----- Data excerpts -----

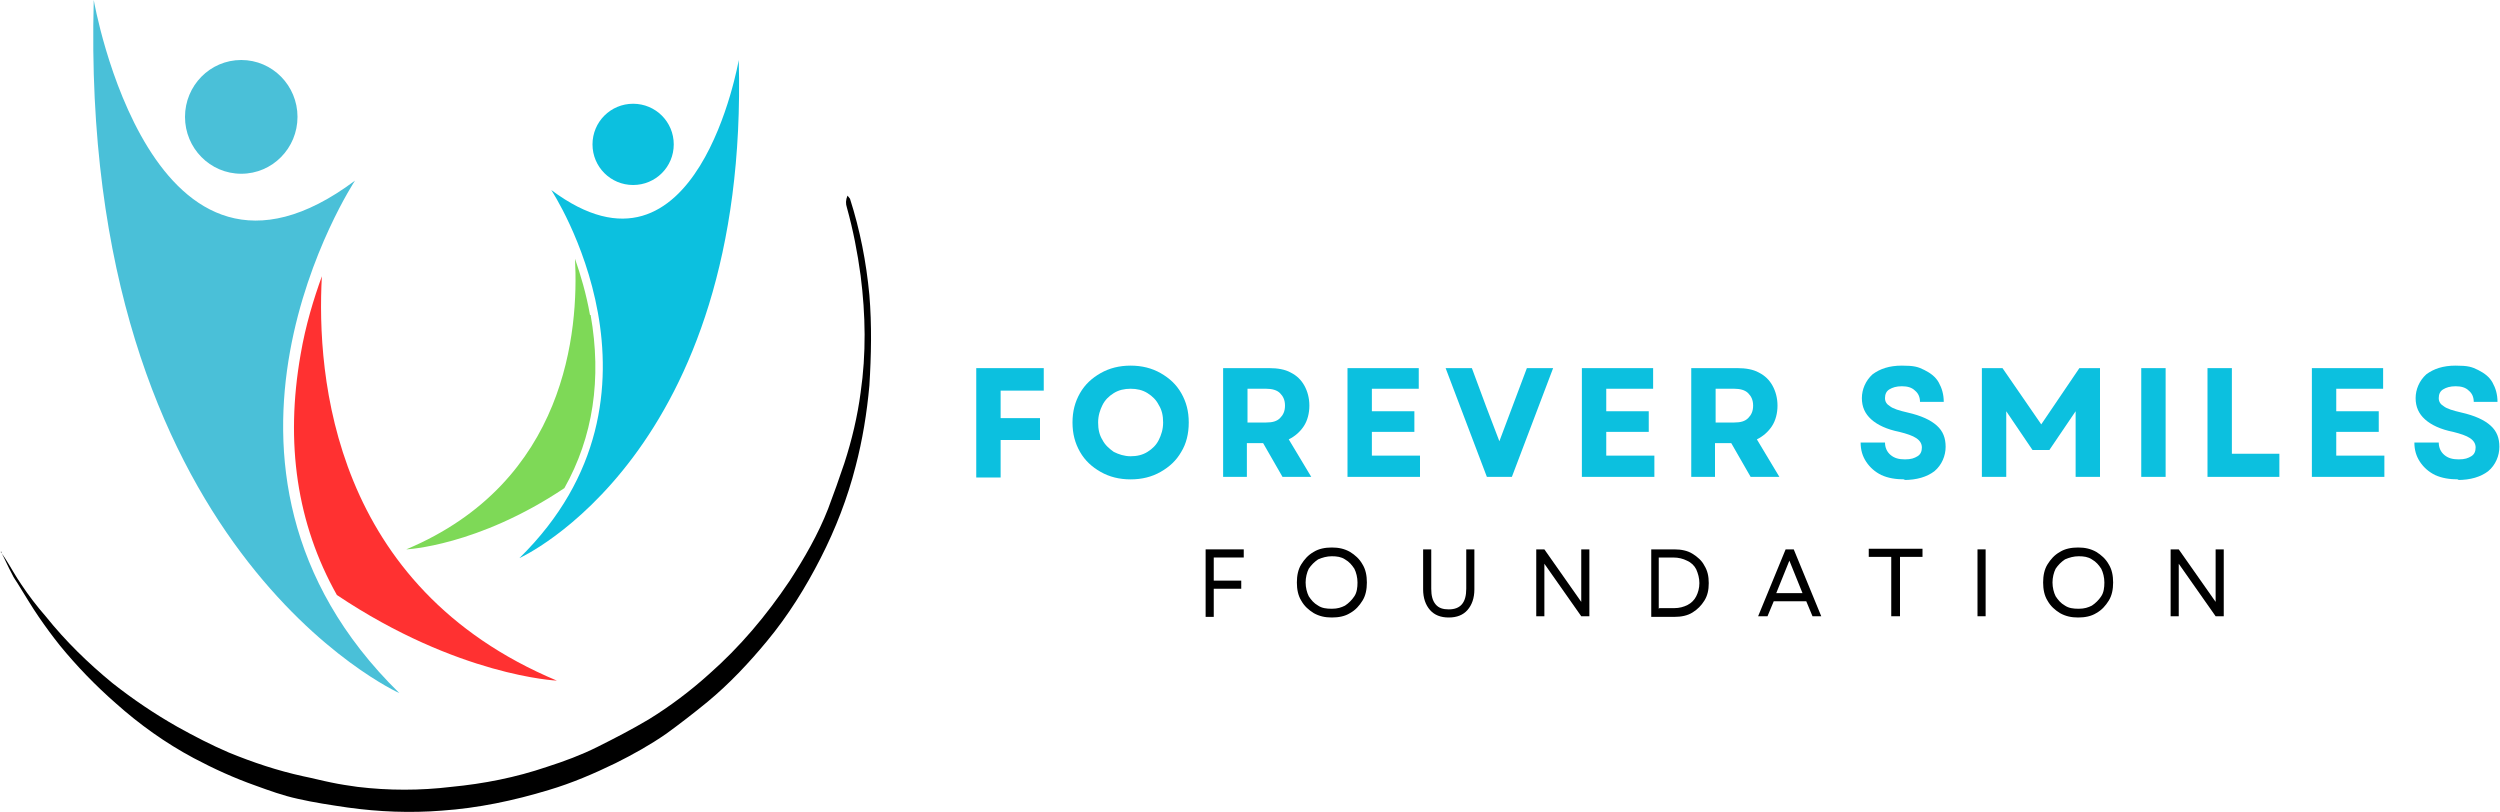 <?xml version="1.0" encoding="UTF-8"?>
<svg id="Layer_1" xmlns="http://www.w3.org/2000/svg" width="400" height="130" version="1.1" viewBox="0 0 400 130">
  <!-- Generator: Adobe Illustrator 29.0.1, SVG Export Plug-In . SVG Version: 2.1.0 Build 192)  -->
  <defs>
    <style>
      .st0 {
        fill: #ff3131;
      }

      .st1 {
        fill: #7ed957;
      }

      .st2 {
        fill: #0cc0df;
      }

      .st3 {
        fill: #4ac0d8;
      }
    </style>
  </defs>
  <g>
    <path class="st1" d="M94.4,50.4c-.6-3.4-1.5-6.4-2.4-9,.6,11.5-1.3,35.7-27,46.5,0,0,11.4-.5,25.3-9.8,4.6-8.2,6-17.5,4.2-27.7"/>
    <path class="st2" d="M118.2,9.6s-6.6,38.3-30,20.8c0,0,21.6,32.7-5.1,58.9,0,0,36.8-16.5,35.1-79.7"/>
    <path class="st2" d="M107.8,23.1c0,3.6-2.9,6.5-6.5,6.5s-6.5-2.9-6.5-6.5,2.9-6.5,6.5-6.5,6.5,2.9,6.5,6.5"/>
    <path class="st0" d="M48.1,56.7c.8-4.7,2.1-8.9,3.4-12.5-.9,16.1,1.8,49.7,37.6,64.7,0,0-15.8-.7-35.2-13.7-6.4-11.4-8.3-24.3-5.8-38.5"/>
    <path class="st3" d="M15,0s9.2,53.3,41.8,28.9c0,0-30.1,45.6,7.1,82C63.9,110.9,12.6,87.9,15,0"/>
    <path class="st3" d="M29.6,18.7c0,5,4,9.1,9,9.1s9-4.1,9-9.1-4-9.1-9-9.1-9,4.1-9,9.1"/>
    <path d="M.1,88.3c.2.3.5.7.7,1,.9,1.4,1.7,2.9,2.6,4.2,1.2,1.8,2.5,3.5,3.9,5.1,3.2,4,6.8,7.5,10.7,10.7,3.3,2.6,6.7,4.9,10.4,7,2.7,1.5,5.4,2.9,8.2,4.1,3.9,1.6,7.8,2.9,11.9,3.8,1.5.3,3,.7,4.5,1,1.4.3,2.8.5,4.2.7,5,.6,10,.6,15,0,5.2-.5,10.3-1.5,15.3-3.2,2.8-.9,5.5-1.9,8.1-3.2,2.8-1.4,5.5-2.8,8.2-4.4,3.4-2.1,6.6-4.5,9.6-7.2,5-4.4,9.2-9.4,12.9-14.9,2.4-3.7,4.6-7.5,6.2-11.6.9-2.4,1.8-4.9,2.6-7.3,1.2-3.7,2.1-7.5,2.6-11.3.9-6.2.8-12.4,0-18.7-.5-3.7-1.2-7.3-2.2-10.9-.2-.6-.2-1.2.1-1.9.2.2.3.4.4.5,1.6,5,2.6,10.1,3.1,15.4.4,4.8.3,9.7,0,14.5-.4,4.4-1.1,8.7-2.2,12.9-1.3,5.1-3.2,10-5.6,14.7-2.4,4.7-5.2,9.2-8.6,13.3-2.9,3.5-6,6.8-9.5,9.7-2.2,1.8-4.4,3.5-6.6,5.1-2.6,1.8-5.3,3.3-8.1,4.7-3.5,1.7-7,3.2-10.7,4.3-5.6,1.7-11.3,2.9-17.1,3.3-5,.4-10.1.2-15.1-.5-2.7-.4-5.4-.8-8-1.4-2.3-.5-4.5-1.3-6.7-2.1-3.4-1.2-6.7-2.7-9.9-4.4-4.5-2.4-8.7-5.4-12.5-8.8-3.2-2.8-6.2-5.9-8.9-9.2-1.2-1.5-2.3-3-3.4-4.6-1.1-1.6-2.1-3.3-3.1-4.9-.4-.7-.9-1.3-1.2-2-.6-1.1-1.1-2.3-1.7-3.4,0,0,0,0,.1-.1Z"/>
  </g>
  <g>
    <path class="st2" d="M156.2,76.3v-17.4h10.8v3.6h-6.9v4.4h6.3v3.5h-6.3v6h-3.9Z"/>
    <path class="st2" d="M180.9,76.7c-1.8,0-3.4-.4-4.8-1.2-1.4-.8-2.5-1.8-3.3-3.2-.8-1.4-1.2-2.9-1.2-4.7s.4-3.3,1.2-4.7c.8-1.4,1.9-2.4,3.3-3.2,1.4-.8,3-1.2,4.8-1.2s3.4.4,4.8,1.2c1.4.8,2.5,1.8,3.3,3.2.8,1.4,1.2,2.9,1.2,4.7s-.4,3.4-1.2,4.7c-.8,1.4-1.9,2.4-3.3,3.2-1.4.8-3,1.2-4.8,1.2ZM175.7,67.6c0,1.1.2,2,.7,2.8.4.8,1.1,1.4,1.8,1.9.8.4,1.7.7,2.7.7s1.9-.2,2.7-.7c.8-.5,1.4-1.1,1.8-1.9.4-.8.7-1.7.7-2.8s-.2-2-.7-2.8c-.4-.8-1-1.4-1.8-1.9-.8-.5-1.7-.7-2.7-.7s-1.9.2-2.7.7-1.4,1.1-1.8,1.9c-.4.8-.7,1.7-.7,2.8Z"/>
    <path class="st2" d="M195.7,76.3v-17.4h7.4c1.3,0,2.5.2,3.4.7,1,.5,1.7,1.2,2.2,2.1.5.9.8,2,.8,3.2s-.3,2.4-.9,3.3c-.6.9-1.4,1.6-2.4,2.1l3.6,6h-4.6l-3.1-5.4h-2.6v5.4h-3.9ZM199.6,67.6h3c1,0,1.7-.2,2.2-.7.5-.5.8-1.1.8-2s-.3-1.5-.8-2c-.5-.5-1.3-.7-2.2-.7h-3v5.3Z"/>
    <path class="st2" d="M215.6,76.3v-17.4h11.4v3.3h-7.5v3.6h6.8v3.3h-6.8v3.8h7.7v3.4h-11.6Z"/>
    <path class="st2" d="M237.9,76.3l-6.6-17.4h4.2l2.3,6.2,2.1,5.5,4.4-11.7h4.2l-6.6,17.4h-3.9Z"/>
    <path class="st2" d="M253.1,76.3v-17.4h11.4v3.3h-7.5v3.6h6.8v3.3h-6.8v3.8h7.7v3.4h-11.6Z"/>
    <path class="st2" d="M270.6,76.3v-17.4h7.4c1.3,0,2.5.2,3.4.7,1,.5,1.7,1.2,2.2,2.1.5.9.8,2,.8,3.2s-.3,2.4-.9,3.3c-.6.9-1.4,1.6-2.4,2.1l3.6,6h-4.6l-3.1-5.4h-2.6v5.4h-3.9ZM274.5,67.6h3c1,0,1.7-.2,2.2-.7.5-.5.8-1.1.8-2s-.3-1.5-.8-2c-.5-.5-1.3-.7-2.2-.7h-3v5.3Z"/>
    <path class="st2" d="M304.8,76.7c-1.5,0-2.7-.2-3.8-.7-1-.5-1.8-1.2-2.4-2.1-.6-.9-.9-1.9-.9-3.1h3.9c0,.8.3,1.5.9,2,.6.5,1.3.7,2.3.7s1.5-.2,2-.5c.5-.3.7-.8.7-1.4s-.3-1.1-.9-1.5c-.6-.4-1.5-.7-2.7-1-2-.4-3.5-1.1-4.5-2-1-.9-1.5-2-1.5-3.4s.6-2.8,1.7-3.8c1.2-.9,2.7-1.4,4.7-1.4s2.6.2,3.6.7c1,.5,1.8,1.1,2.3,2,.5.9.8,1.9.8,3.1h-3.8c0-.8-.3-1.4-.8-1.8-.5-.5-1.2-.7-2.1-.7s-1.5.2-2,.5c-.5.3-.7.8-.7,1.4s.3,1,.8,1.3c.5.4,1.5.7,2.8,1,2.2.5,3.7,1.2,4.7,2.1,1,.9,1.4,2,1.4,3.4s-.6,2.9-1.8,3.9c-1.2.9-2.8,1.4-4.9,1.4Z"/>
    <path class="st2" d="M317.1,76.3v-17.4h3.3l6.2,9,6.1-9h3.3v17.4h-3.9v-10.5l-4.2,6.2h-2.7l-4.2-6.2v10.5h-3.9Z"/>
    <path class="st2" d="M342.6,76.3v-17.4h3.9v17.4h-3.9Z"/>
    <path class="st2" d="M353.2,76.3v-17.4h3.9v13.7h7.6v3.7h-11.5Z"/>
    <path class="st2" d="M369.9,76.3v-17.4h11.4v3.3h-7.5v3.6h6.8v3.3h-6.8v3.8h7.7v3.4h-11.6Z"/>
    <path class="st2" d="M393.4,76.7c-1.5,0-2.7-.2-3.8-.7-1-.5-1.8-1.2-2.4-2.1-.6-.9-.9-1.9-.9-3.1h3.9c0,.8.3,1.5.9,2,.6.5,1.3.7,2.3.7s1.5-.2,2-.5c.5-.3.7-.8.7-1.4s-.3-1.1-.9-1.5c-.6-.4-1.5-.7-2.7-1-2-.4-3.5-1.1-4.5-2-1-.9-1.5-2-1.5-3.4s.6-2.8,1.7-3.8c1.2-.9,2.7-1.4,4.7-1.4s2.6.2,3.6.7c1,.5,1.8,1.1,2.3,2,.5.9.8,1.9.8,3.1h-3.8c0-.8-.3-1.4-.8-1.8-.5-.5-1.2-.7-2.1-.7s-1.5.2-2,.5c-.5.3-.7.8-.7,1.4s.3,1,.8,1.3c.5.4,1.5.7,2.8,1,2.2.5,3.7,1.2,4.7,2.1,1,.9,1.4,2,1.4,3.4s-.6,2.9-1.8,3.9c-1.2.9-2.8,1.4-4.9,1.4Z"/>
    <path d="M192.9,98.6v-10.7h6.1v1.3h-4.8v3.7h4.4v1.3h-4.4v4.5h-1.3Z"/>
    <path d="M213.1,98.8c-1.1,0-2-.2-2.9-.7-.8-.5-1.5-1.1-2-2-.5-.8-.7-1.8-.7-2.9s.2-2.1.7-2.9c.5-.8,1.1-1.5,2-2,.8-.5,1.8-.7,2.9-.7s2,.2,2.9.7c.8.5,1.5,1.1,2,2,.5.8.7,1.8.7,2.9s-.2,2.1-.7,2.9c-.5.8-1.1,1.5-2,2-.8.5-1.8.7-2.9.7ZM208.9,93.2c0,.8.2,1.6.5,2.2.4.6.8,1.1,1.5,1.5.6.4,1.3.5,2.2.5s1.5-.2,2.1-.5c.6-.4,1.1-.9,1.5-1.5.4-.6.5-1.4.5-2.2s-.2-1.6-.5-2.2c-.4-.6-.8-1.1-1.5-1.5-.6-.4-1.3-.5-2.1-.5s-1.5.2-2.2.5c-.6.4-1.1.9-1.5,1.5-.3.6-.5,1.4-.5,2.2Z"/>
    <path d="M231.8,98.8c-1.3,0-2.3-.4-3-1.2-.7-.8-1.1-1.9-1.1-3.3v-6.4h1.3v6.3c0,1.1.2,1.9.7,2.5s1.2.8,2.1.8c1.9,0,2.8-1.1,2.8-3.3v-6.3h1.3v6.4c0,1.4-.4,2.5-1.1,3.3-.7.8-1.7,1.2-3,1.2Z"/>
    <path d="M245.8,98.6v-10.7h1.3l5.9,8.4v-8.4h1.3v10.7h-1.3l-5.9-8.4v8.4h-1.3Z"/>
    <path d="M264.2,98.6v-10.7h3.7c1.1,0,2.1.2,2.9.7.8.5,1.5,1.1,1.9,1.9.5.8.7,1.7.7,2.8s-.2,2-.7,2.8c-.5.8-1.1,1.4-1.9,1.9-.8.5-1.8.7-2.9.7h-3.7ZM265.5,97.3h2.4c.8,0,1.5-.2,2.1-.5.6-.3,1.1-.8,1.4-1.4.3-.6.5-1.3.5-2.1s-.2-1.5-.5-2.2c-.3-.6-.8-1.1-1.5-1.4-.6-.3-1.3-.5-2.2-.5h-2.3v8.2Z"/>
    <path d="M281.3,98.6l4.4-10.7h1.3l4.4,10.7h-1.4l-1-2.4h-5.2l-1,2.4h-1.4ZM284.2,94.9h4.2l-2.1-5.2-2.1,5.2Z"/>
    <path d="M302.6,98.6v-9.5h-3.6v-1.3h8.6v1.3h-3.6v9.5h-1.3Z"/>
    <path d="M316.4,98.6v-10.7h1.3v10.7h-1.3Z"/>
    <path d="M332.5,98.8c-1.1,0-2-.2-2.9-.7-.8-.5-1.5-1.1-2-2-.5-.8-.7-1.8-.7-2.9s.2-2.1.7-2.9c.5-.8,1.1-1.5,2-2,.8-.5,1.8-.7,2.9-.7s2,.2,2.9.7c.8.5,1.5,1.1,2,2,.5.8.7,1.8.7,2.9s-.2,2.1-.7,2.9c-.5.8-1.1,1.5-2,2-.8.5-1.8.7-2.9.7ZM328.4,93.2c0,.8.2,1.6.5,2.2.4.6.8,1.1,1.5,1.5.6.4,1.3.5,2.2.5s1.5-.2,2.1-.5c.6-.4,1.1-.9,1.5-1.5.4-.6.5-1.4.5-2.2s-.2-1.6-.5-2.2c-.4-.6-.8-1.1-1.5-1.5-.6-.4-1.3-.5-2.1-.5s-1.5.2-2.2.5c-.6.4-1.1.9-1.5,1.5-.3.6-.5,1.4-.5,2.2Z"/>
    <path d="M347.3,98.6v-10.7h1.3l5.9,8.4v-8.4h1.3v10.7h-1.3l-5.9-8.4v8.4h-1.3Z"/>
  </g>
</svg>

-----

Problem to work on
Scan the material above. Copy each line that holds the word "fill".

Output of the task
        fill: #ff3131;
        fill: #7ed957;
        fill: #0cc0df;
        fill: #4ac0d8;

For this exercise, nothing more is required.